> EXERCISE REQUIREMENTS
Below is a listing; restate from it, character for character, the lines beginning at the line holding "to the east, in" and ending at the line holding "longitude: 20.8495", both included.

> DATA EXCERPTS
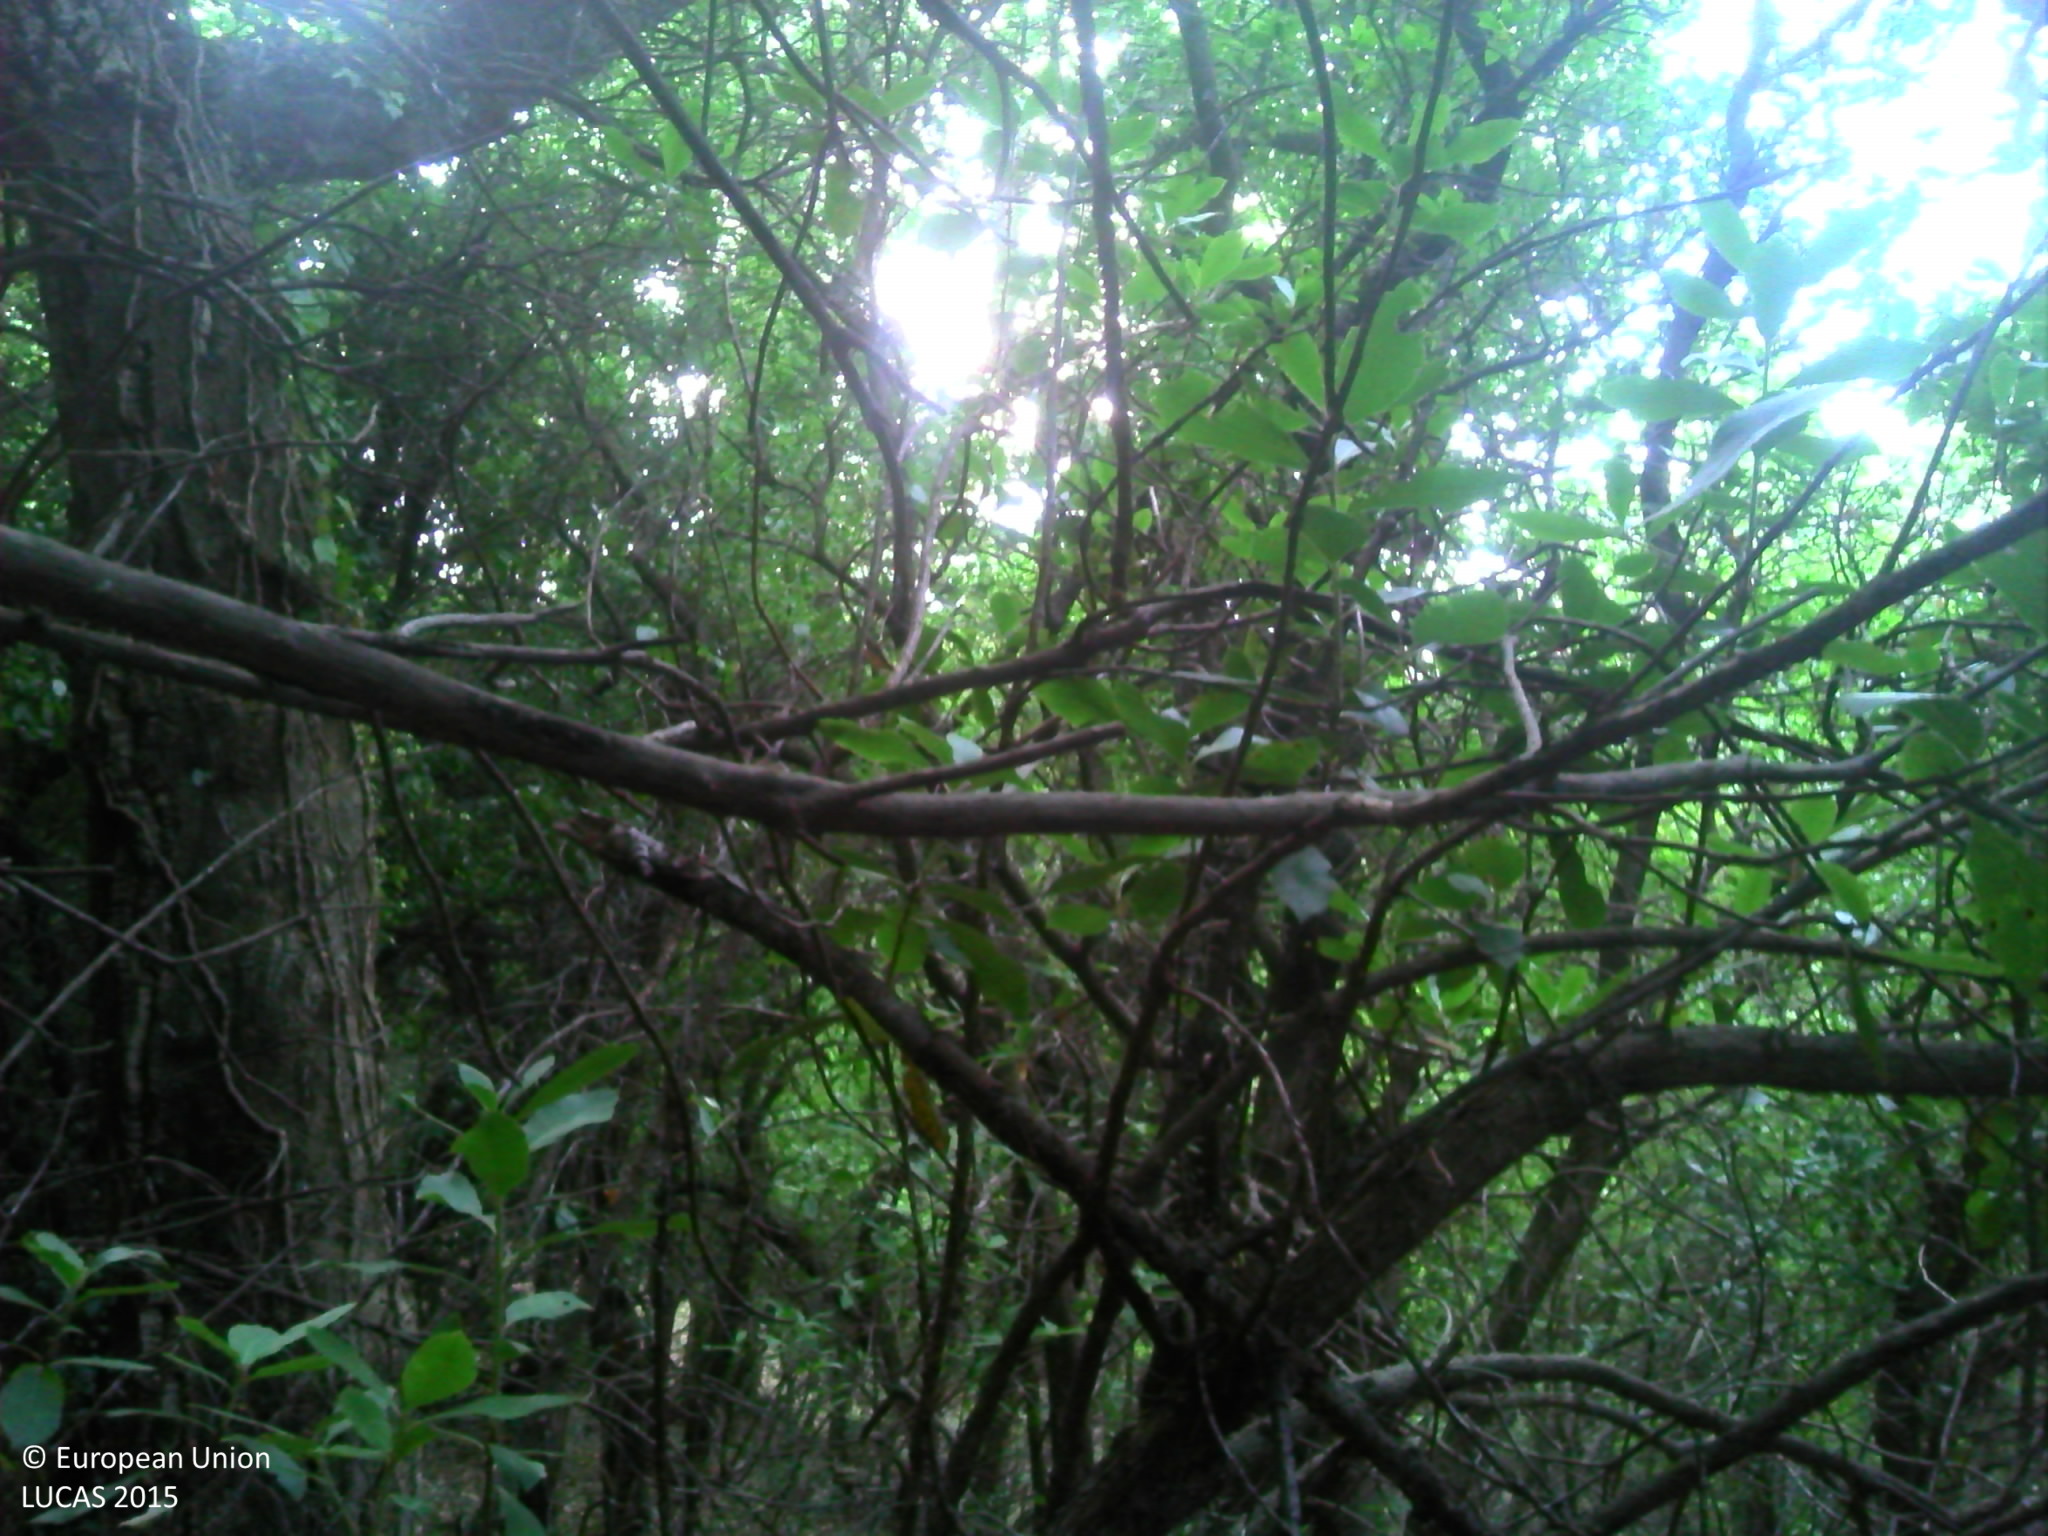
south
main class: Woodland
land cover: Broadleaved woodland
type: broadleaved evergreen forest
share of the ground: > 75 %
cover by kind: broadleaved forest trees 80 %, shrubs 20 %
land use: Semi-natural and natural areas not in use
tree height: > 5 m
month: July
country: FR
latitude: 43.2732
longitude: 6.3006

--

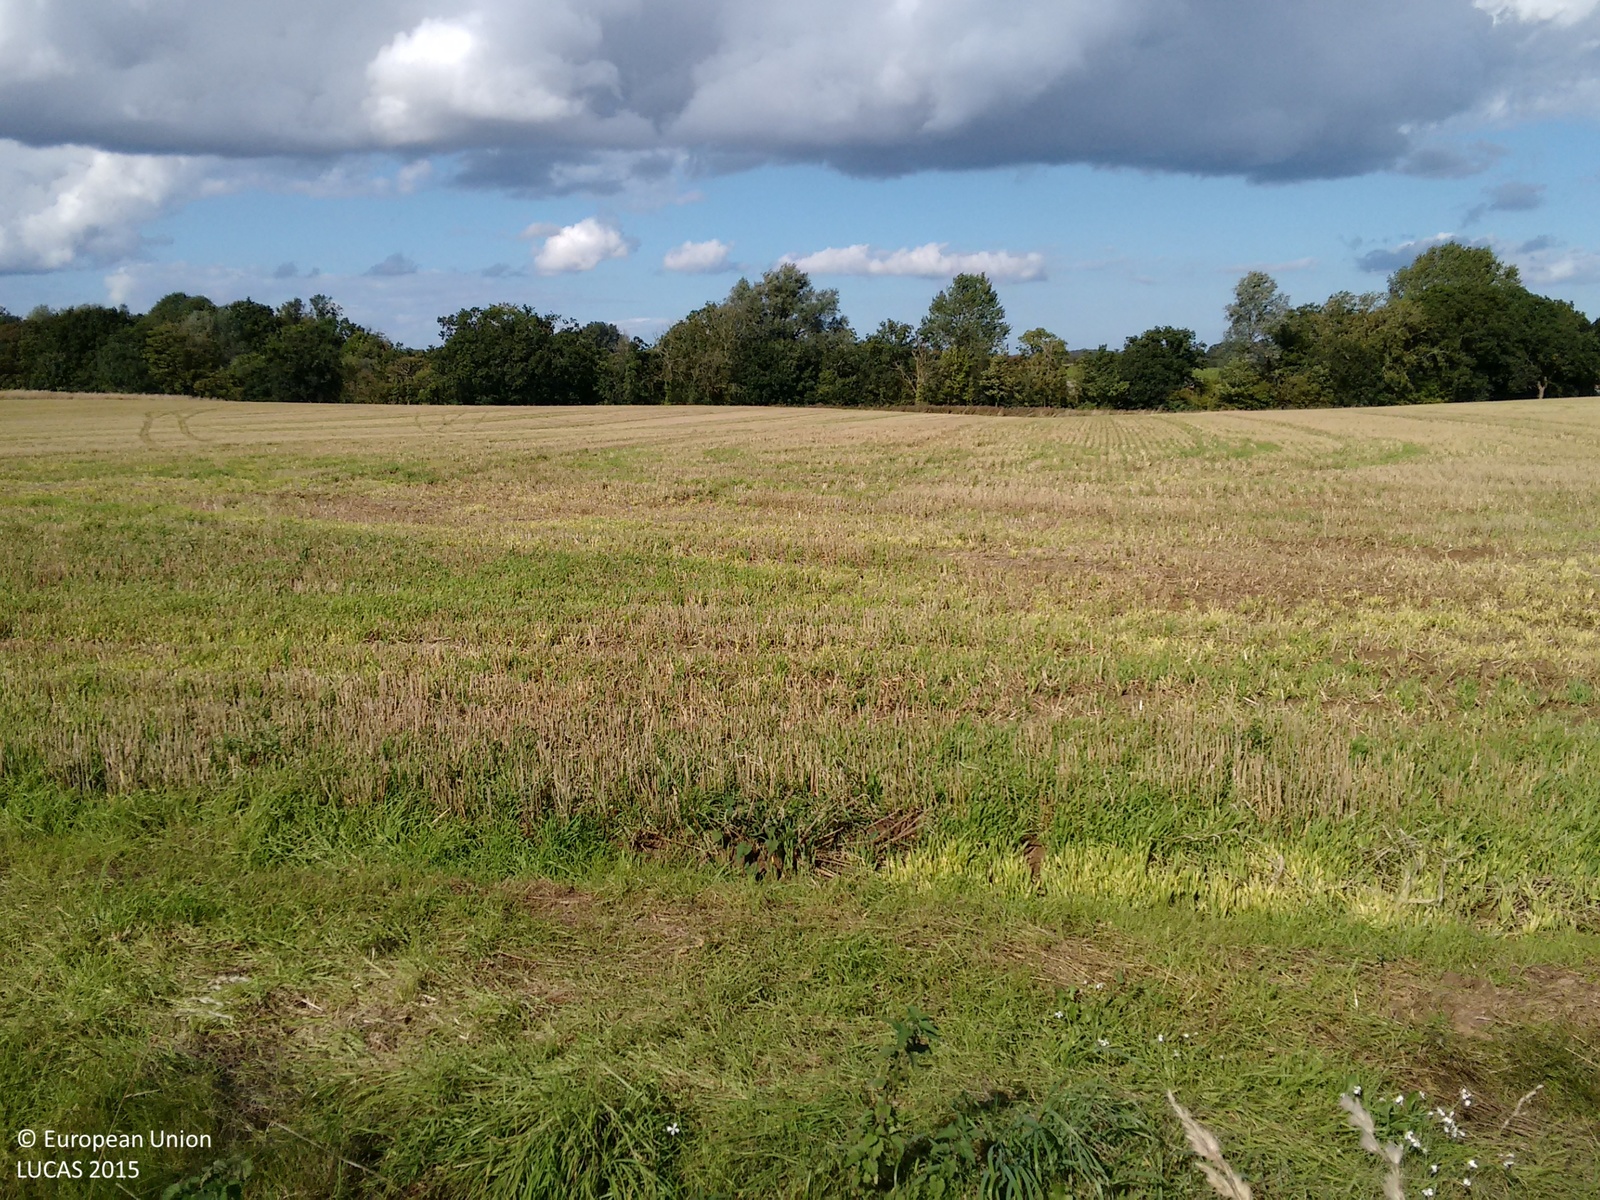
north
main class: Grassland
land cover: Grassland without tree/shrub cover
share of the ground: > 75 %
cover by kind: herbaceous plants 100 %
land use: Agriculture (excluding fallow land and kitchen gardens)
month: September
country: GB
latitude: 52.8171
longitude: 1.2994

...

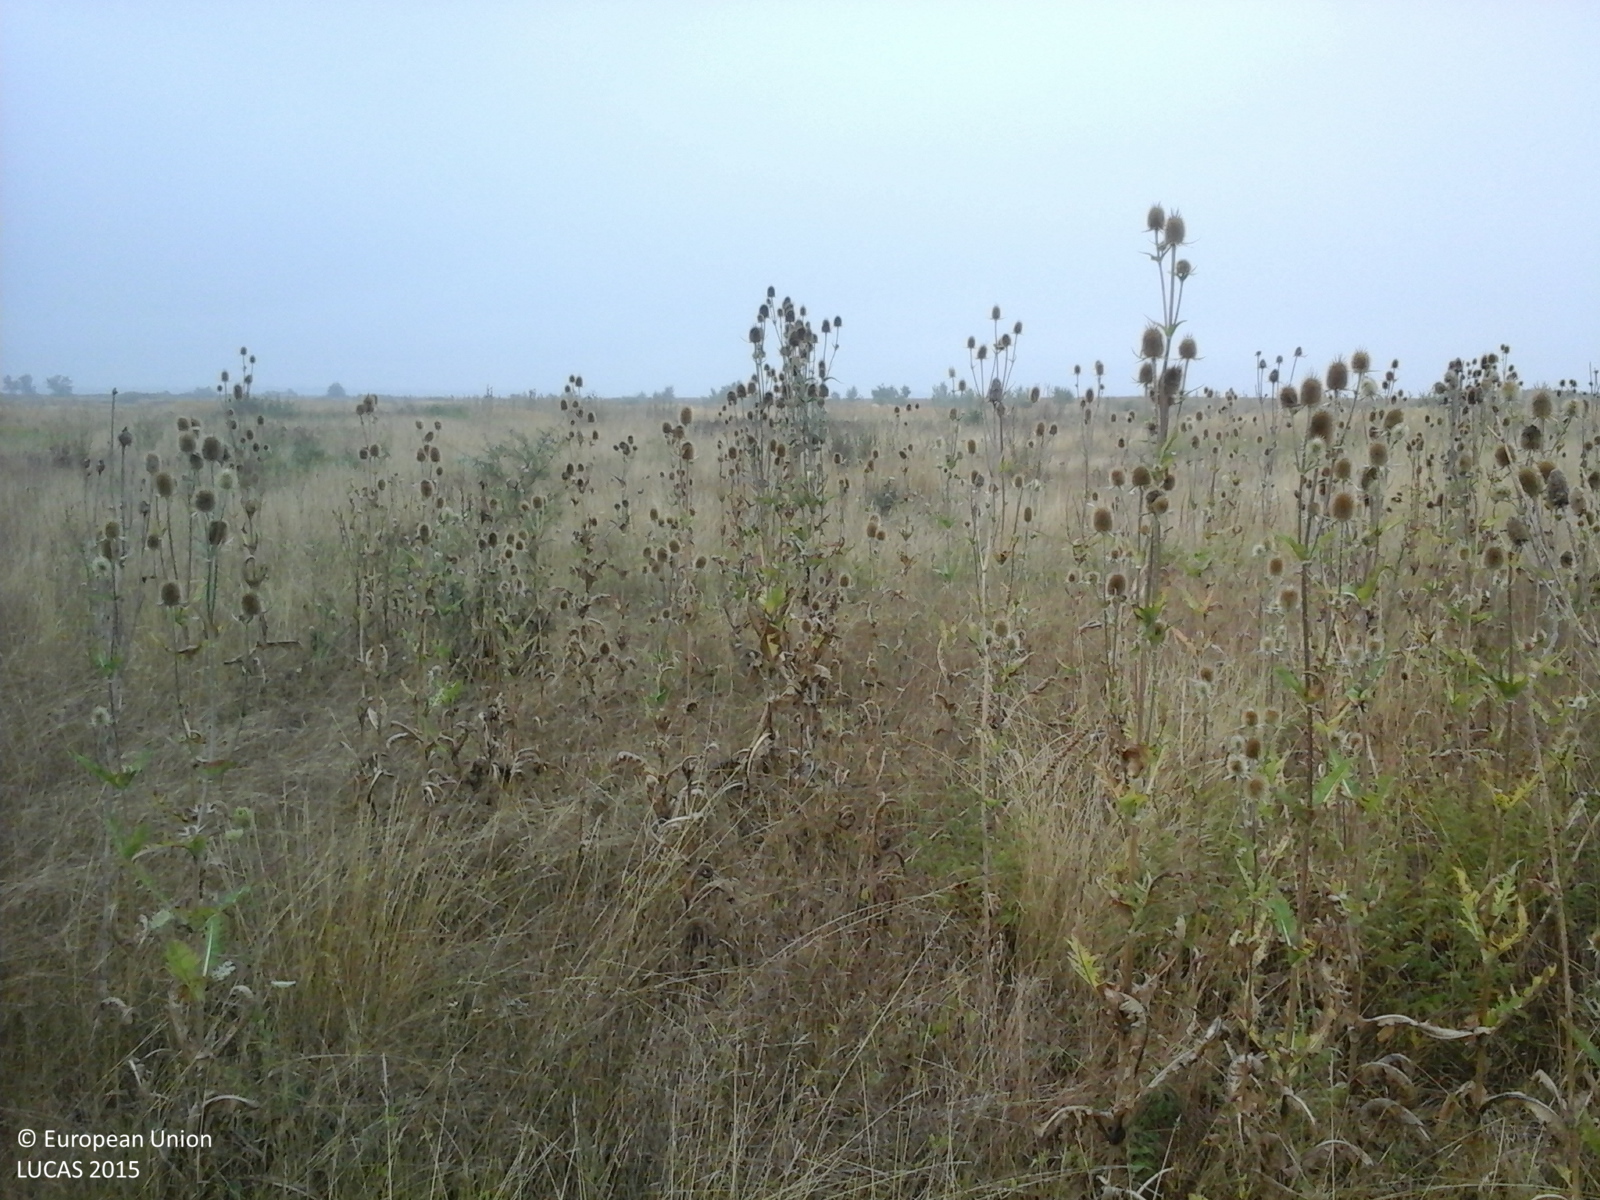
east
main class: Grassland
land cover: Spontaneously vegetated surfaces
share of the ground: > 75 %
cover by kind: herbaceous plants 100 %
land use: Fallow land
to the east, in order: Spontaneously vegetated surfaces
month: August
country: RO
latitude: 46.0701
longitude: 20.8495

> EXERCISE RESPONSE
to the east, in order: Spontaneously vegetated surfaces
month: August
country: RO
latitude: 46.0701
longitude: 20.8495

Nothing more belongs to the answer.